# Exercise brief
Restate, word for word and with no pictures, the stretch of lines in the data below that begins at the line with "1. Das Projekt" and ends at the line with "အရိယသာဝကော၊ ဘုရားတပည့်သည်။ ဥဋ္ဌာနဝီရိယာဓိဂတေဟိ၊", inclusive.

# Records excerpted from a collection
========================================
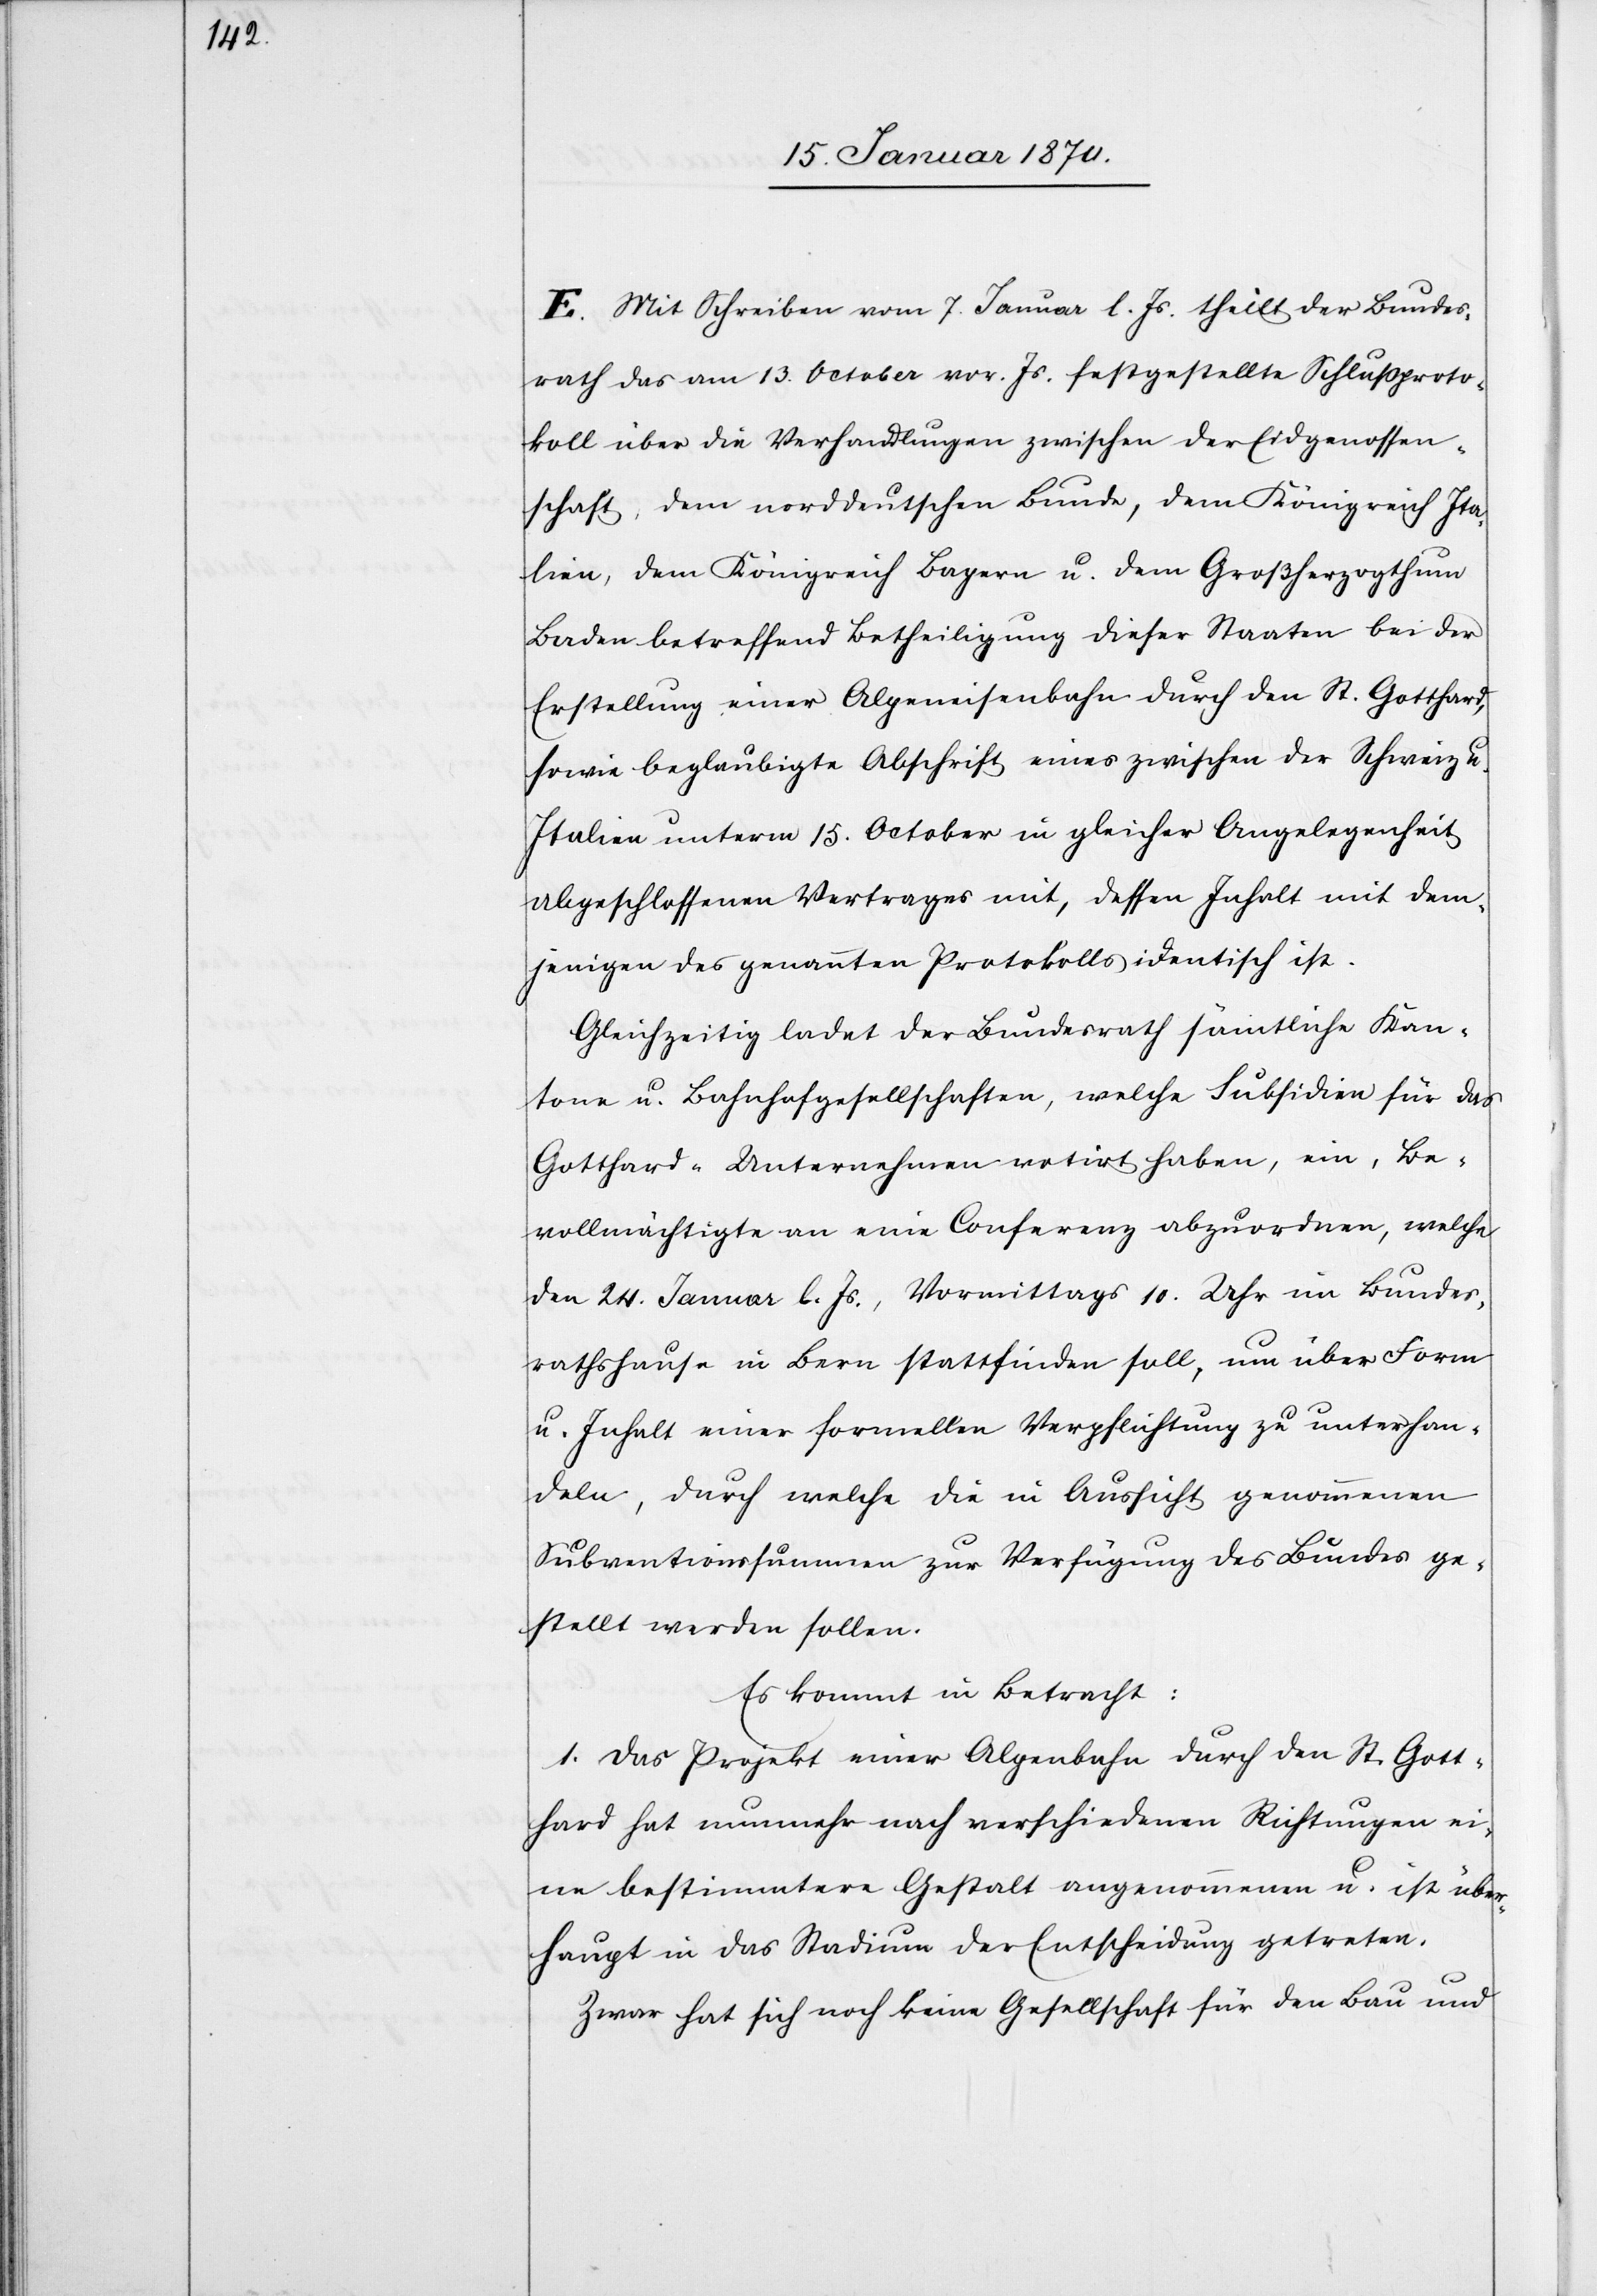
E. Mit Schreiben vom 7. Januar l. Js. theilt der Bundes¬
rath das am 13. October vor. Js. festgestellte Schlußproto¬
koll über die Verhandlungen zwischen der Eidgenossen¬
schaft, dem norddeutschen Bunde, dem Königreich Ita¬
lien, dem Königreich Bayern u. dem Großherzogthum
Baden betreffend Betheiligung dieser Staaten bei der
Erstellung einer Alpeneisenbahn durch den St. Gotthard,
sowie beglaubigte Abschrift eines zwischen der Schweiz u.
Italien unterm 15. October in gleicher Angelegenheit
abgeschlossenen Vertrages mit, dessen Inhalt mit dem¬
jenigen des genannten Protokolls identisch ist.
Gleichzeitig ladet der Bundesrath sämtliche Kan¬
tone u. Bahnhofgesellschaften, welche Subsidien für das
Gotthard-Unternehmen votirt haben, ein, Be¬
vollmächtigte an eine Conferenz abzuordnen, welche
den 24. Januar l. Js., Vormittags 10. Uhr im Bundes¬
rathshause in Bern stattfinden soll, um über Form
u. Inhalt einer formellen Verpflichtung zu unterhan¬
deln, durch welche die in Aussicht genommenen
Subventionssummen zur Verfügung des Bundes ge¬
stellt werden sollen.
Es kommt in Betracht:
1. Das Projekt einer Alpenbahn durch den St. Gott¬
hard hat nunmehr nach verschiedenen Richtungen ei¬
ne bestimmtere Gestalt angenommen u. ist über¬
haupt in das Stadium der Entscheidung getreten.
Zwar hat sich noch keine Gesellschaft für den Bau und
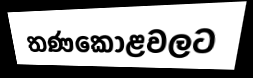
තණකොළවලට
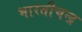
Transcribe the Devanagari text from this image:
भारतीचन्द्र
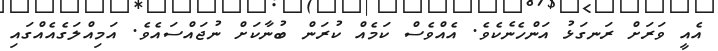
އެއީ ވަރަށް ރަނގަޅު އަންހެނެކެވެ. އެއްވެސް ކަމެއް ކުރަން ބުނާކަށް ނުޖައްސައެވެ. އަމިއްލަގެއެއްގައި
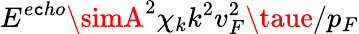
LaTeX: E^{e\mathtt{c}ho}\simA^{2}\chi_{k}k^{2}v_{F}^{2}\taue/p_{F}
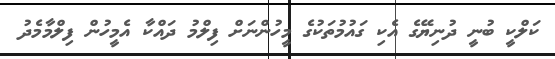
ކަލްކީ ބުނީ ދުނިޔޭގެ އެކި ގައުމުތަކުގެ މީހުންނަށް ފިލްމު ދައްކާ އެމީހުން ފިލްމާމެދު
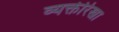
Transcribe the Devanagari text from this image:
व्यक्तीरेखा
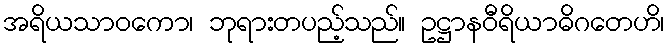
အရိယသာဝကော၊ ဘုရားတပည့်သည်။ ဥဋ္ဌာနဝီရိယာဓိဂတေဟိ၊
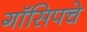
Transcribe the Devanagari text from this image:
गॉसिपचे
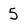
Character: 5
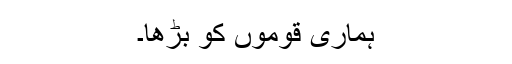
ہماری قوموں کو بڑھا۔
========================================
# Result for this task
1. Das Projekt einer Alpenbahn durch den St. Gott¬
hard hat nunmehr nach verschiedenen Richtungen ei¬
ne bestimmtere Gestalt angenommen u. ist über¬
haupt in das Stadium der Entscheidung getreten.
Zwar hat sich noch keine Gesellschaft für den Bau und
තණකොළවලට
Transcribe the Devanagari text from this image:
भारतीचन्द्र
އެއީ ވަރަށް ރަނގަޅު އަންހެނެކެވެ. އެއްވެސް ކަމެއް ކުރަން ބުނާކަށް ނުޖައްސައެވެ. އަމިއްލަގެއެއްގައި
LaTeX: E^{e\mathtt{c}ho}\simA^{2}\chi_{k}k^{2}v_{F}^{2}\taue/p_{F}
ކަލްކީ ބުނީ ދުނިޔޭގެ އެކި ގައުމުތަކުގެ މީހުންނަށް ފިލްމު ދައްކާ އެމީހުން ފިލްމާމެދު
Transcribe the Devanagari text from this image:
व्यक्तीरेखा
အရိယသာဝကော၊ ဘုရားတပည့်သည်။ ဥဋ္ဌာနဝီရိယာဓိဂတေဟိ၊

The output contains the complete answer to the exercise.